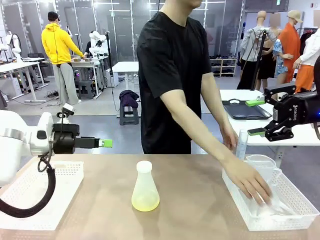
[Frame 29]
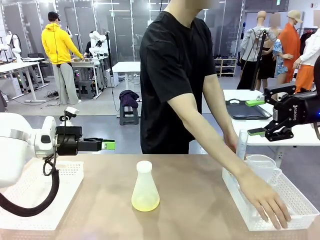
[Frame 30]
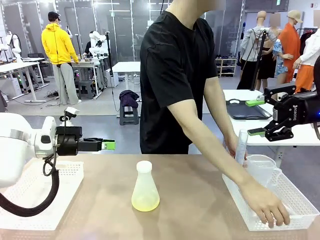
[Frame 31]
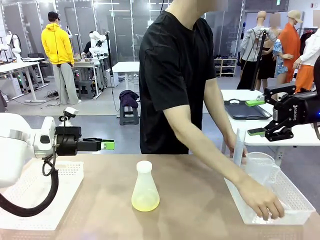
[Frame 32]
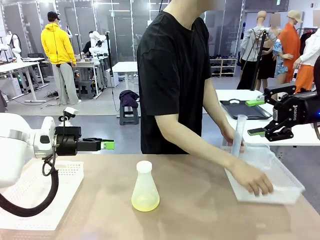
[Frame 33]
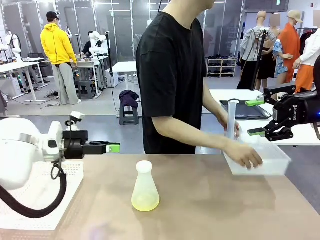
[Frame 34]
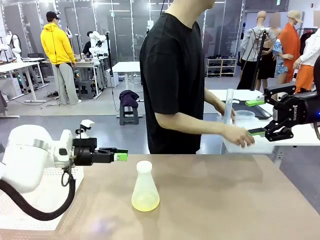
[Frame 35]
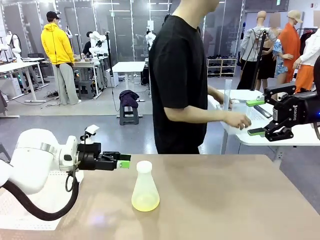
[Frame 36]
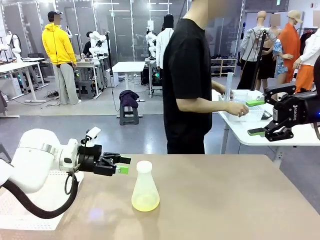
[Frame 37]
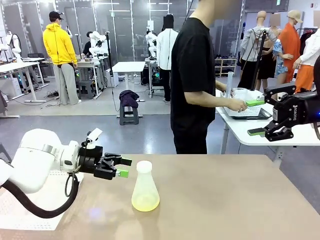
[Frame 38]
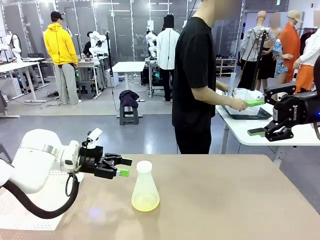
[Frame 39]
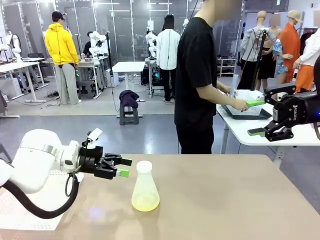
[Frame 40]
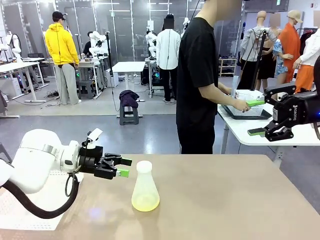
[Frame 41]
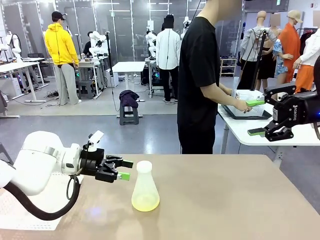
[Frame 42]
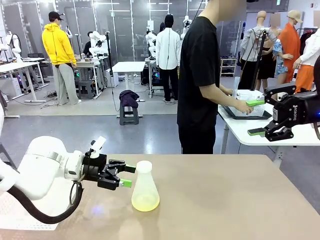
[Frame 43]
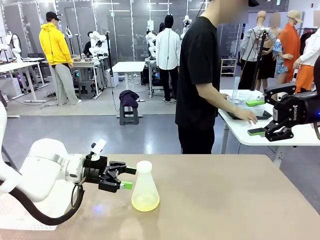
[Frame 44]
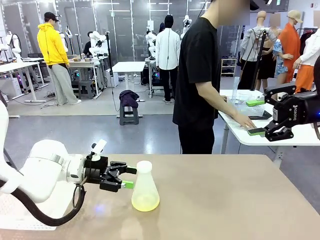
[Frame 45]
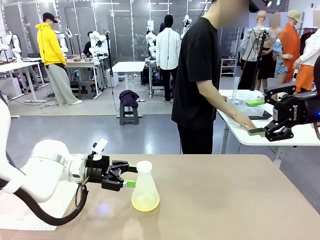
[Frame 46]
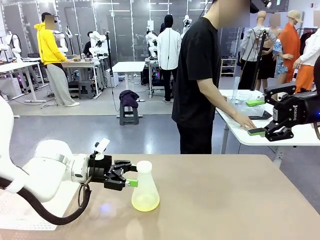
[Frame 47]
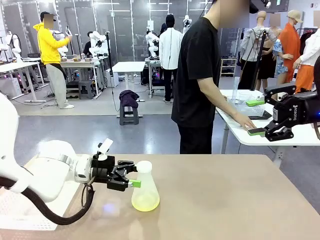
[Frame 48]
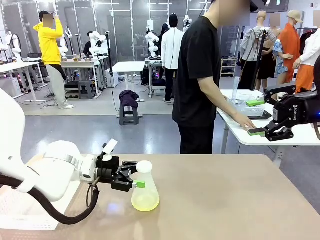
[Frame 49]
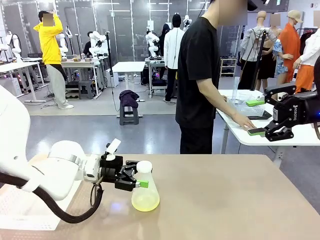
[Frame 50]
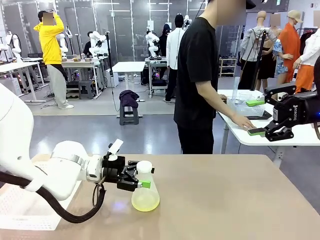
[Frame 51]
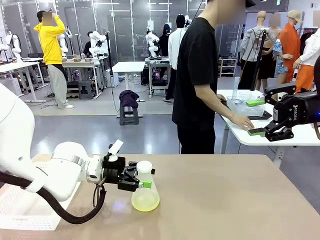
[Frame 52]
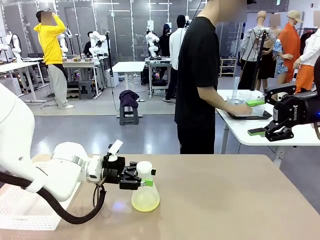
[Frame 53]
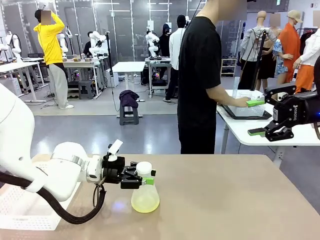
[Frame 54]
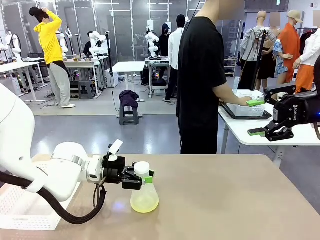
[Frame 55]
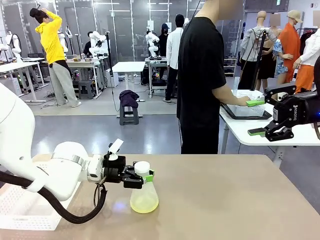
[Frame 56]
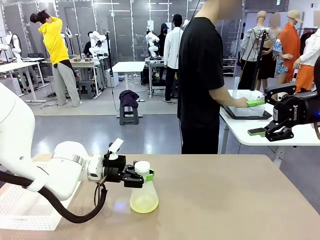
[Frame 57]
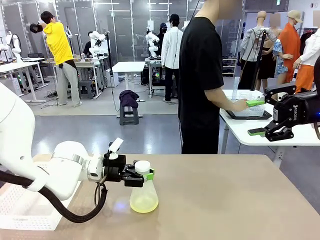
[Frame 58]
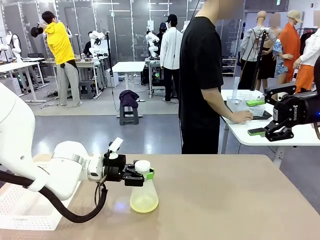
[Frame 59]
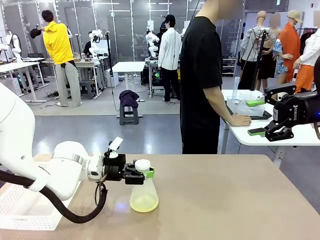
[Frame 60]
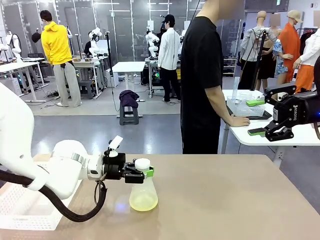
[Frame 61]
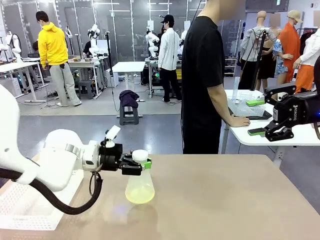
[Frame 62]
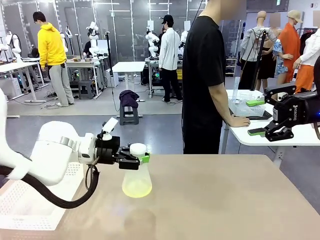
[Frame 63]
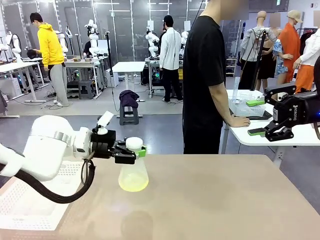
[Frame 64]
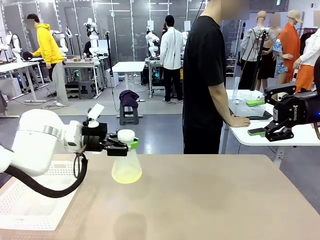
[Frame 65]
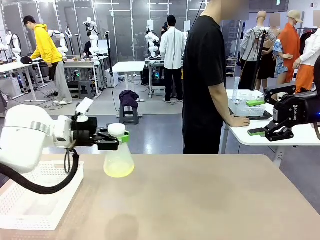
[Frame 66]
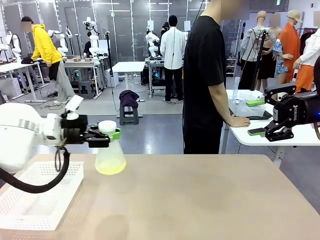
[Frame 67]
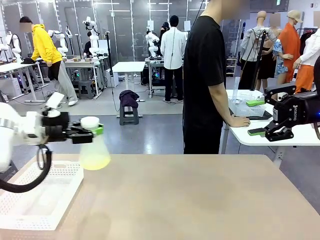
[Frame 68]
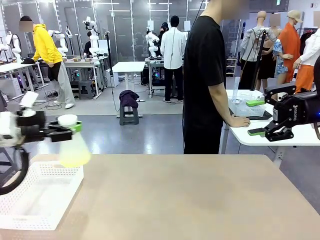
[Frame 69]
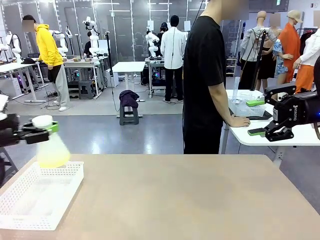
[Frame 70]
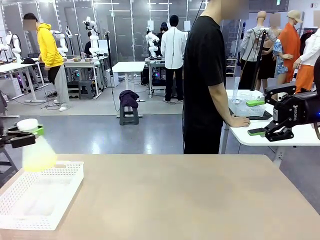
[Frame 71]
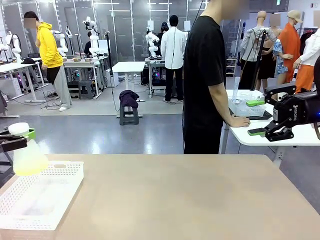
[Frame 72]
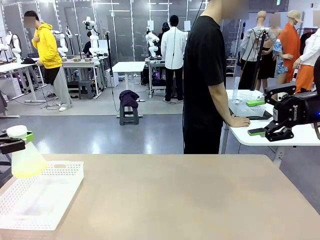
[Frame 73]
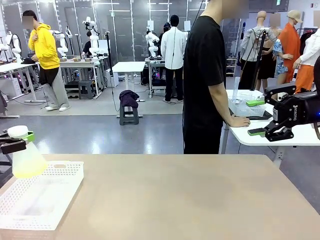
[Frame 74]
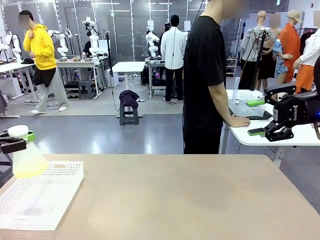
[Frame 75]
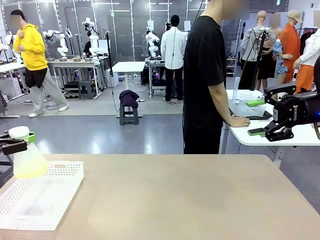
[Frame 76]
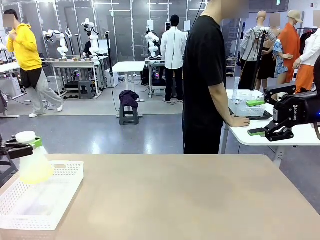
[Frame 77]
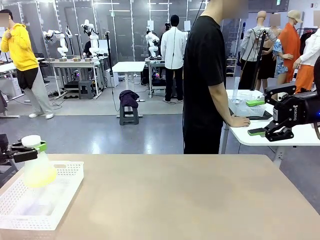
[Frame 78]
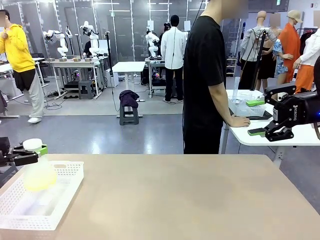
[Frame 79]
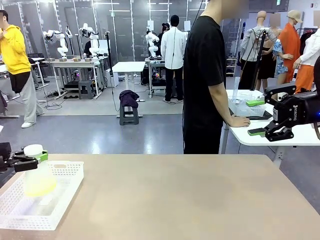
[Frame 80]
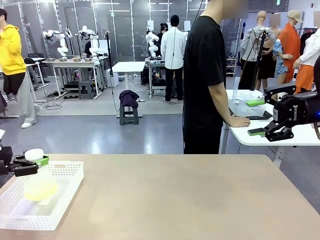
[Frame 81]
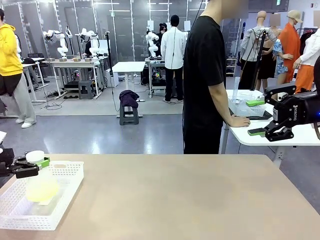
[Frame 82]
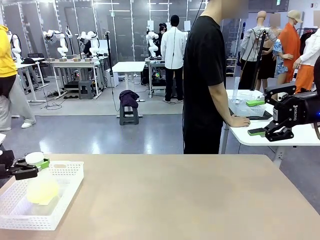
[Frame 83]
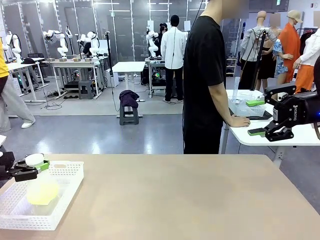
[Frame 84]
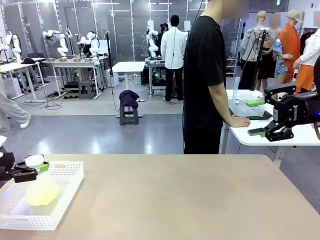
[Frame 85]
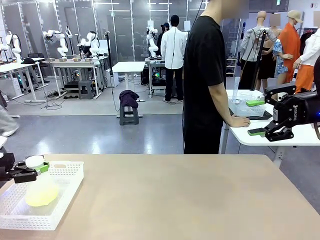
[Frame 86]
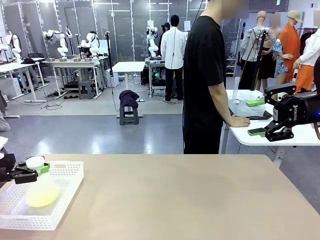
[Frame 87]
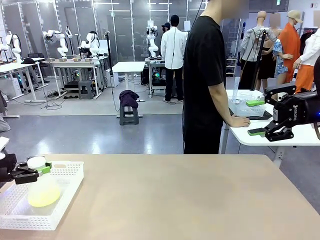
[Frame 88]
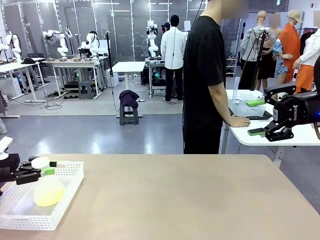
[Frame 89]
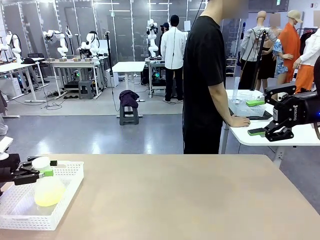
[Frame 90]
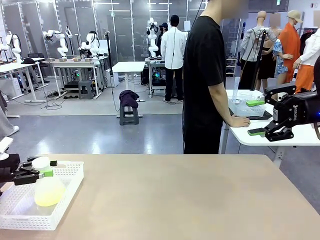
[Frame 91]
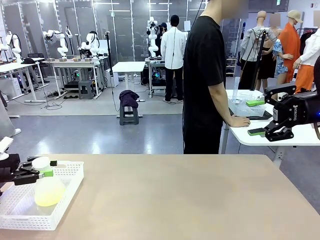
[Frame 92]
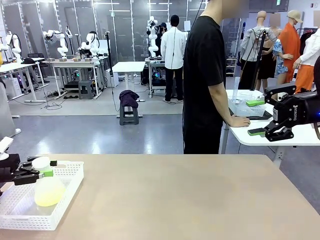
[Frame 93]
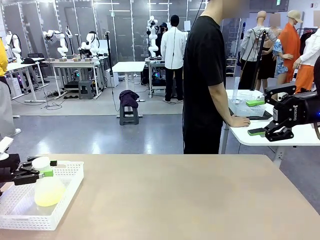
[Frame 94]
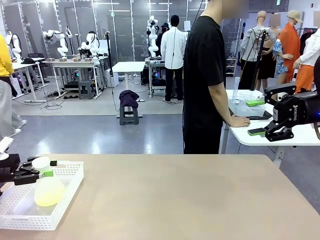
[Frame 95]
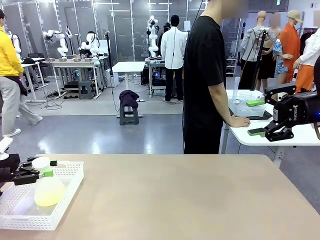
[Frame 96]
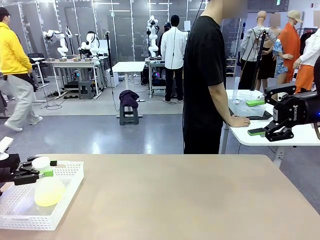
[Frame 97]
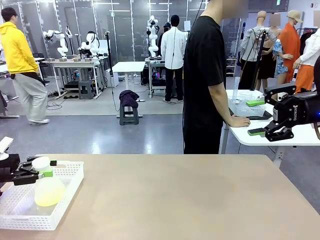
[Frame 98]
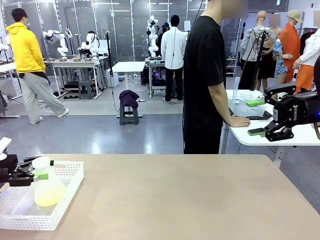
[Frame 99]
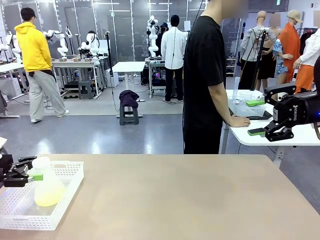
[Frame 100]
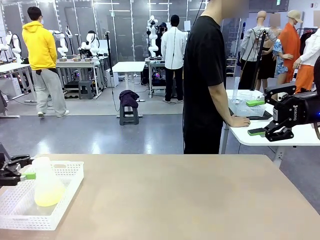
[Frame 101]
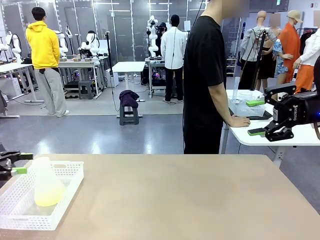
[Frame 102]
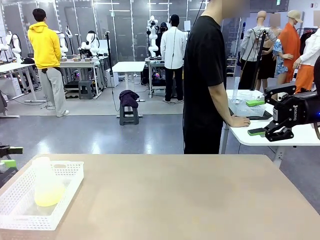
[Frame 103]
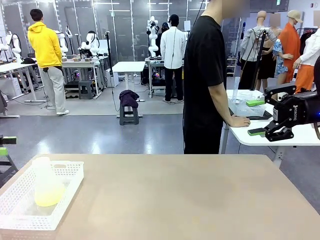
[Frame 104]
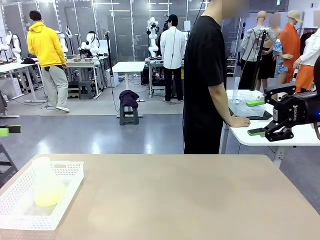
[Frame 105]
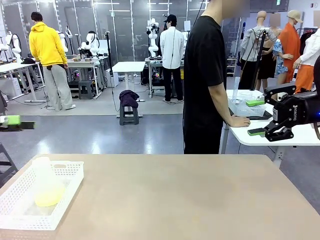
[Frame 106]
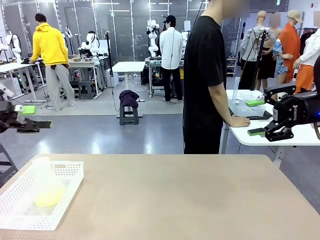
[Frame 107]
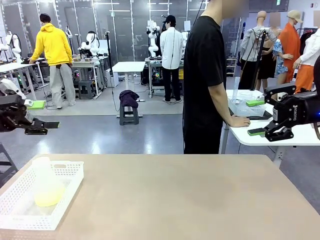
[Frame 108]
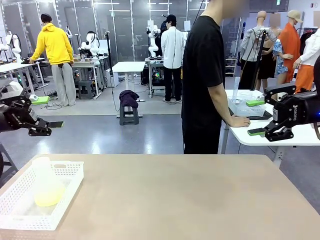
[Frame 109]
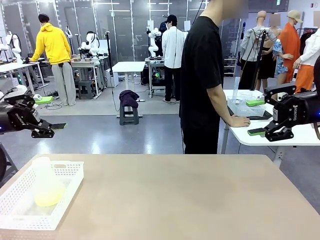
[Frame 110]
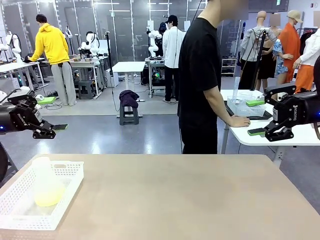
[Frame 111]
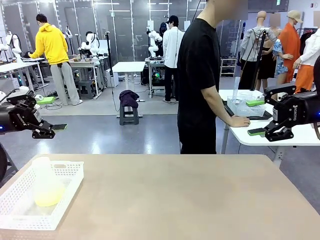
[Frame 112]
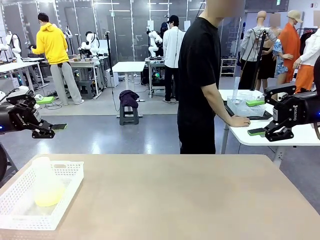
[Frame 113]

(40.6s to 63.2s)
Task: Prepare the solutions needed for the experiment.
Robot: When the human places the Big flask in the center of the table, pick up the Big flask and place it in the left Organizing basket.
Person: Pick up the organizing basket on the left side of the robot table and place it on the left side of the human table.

════════

About this exercise: Set down each entry above word for word, without its pictures.

Response:
[Frame 29]
[Frame 30]
[Frame 31]
[Frame 32]
[Frame 33]
[Frame 34]
[Frame 35]
[Frame 36]
[Frame 37]
[Frame 38]
[Frame 39]
[Frame 40]
[Frame 41]
[Frame 42]
[Frame 43]
[Frame 44]
[Frame 45]
[Frame 46]
[Frame 47]
[Frame 48]
[Frame 49]
[Frame 50]
[Frame 51]
[Frame 52]
[Frame 53]
[Frame 54]
[Frame 55]
[Frame 56]
[Frame 57]
[Frame 58]
[Frame 59]
[Frame 60]
[Frame 61]
[Frame 62]
[Frame 63]
[Frame 64]
[Frame 65]
[Frame 66]
[Frame 67]
[Frame 68]
[Frame 69]
[Frame 70]
[Frame 71]
[Frame 72]
[Frame 73]
[Frame 74]
[Frame 75]
[Frame 76]
[Frame 77]
[Frame 78]
[Frame 79]
[Frame 80]
[Frame 81]
[Frame 82]
[Frame 83]
[Frame 84]
[Frame 85]
[Frame 86]
[Frame 87]
[Frame 88]
[Frame 89]
[Frame 90]
[Frame 91]
[Frame 92]
[Frame 93]
[Frame 94]
[Frame 95]
[Frame 96]
[Frame 97]
[Frame 98]
[Frame 99]
[Frame 100]
[Frame 101]
[Frame 102]
[Frame 103]
[Frame 104]
[Frame 105]
[Frame 106]
[Frame 107]
[Frame 108]
[Frame 109]
[Frame 110]
[Frame 111]
[Frame 112]
[Frame 113]

(40.6s to 63.2s)
Task: Prepare the solutions needed for the experiment.
Robot: When the human places the Big flask in the center of the table, pick up the Big flask and place it in the left Organizing basket.
Person: Pick up the organizing basket on the left side of the robot table and place it on the left side of the human table.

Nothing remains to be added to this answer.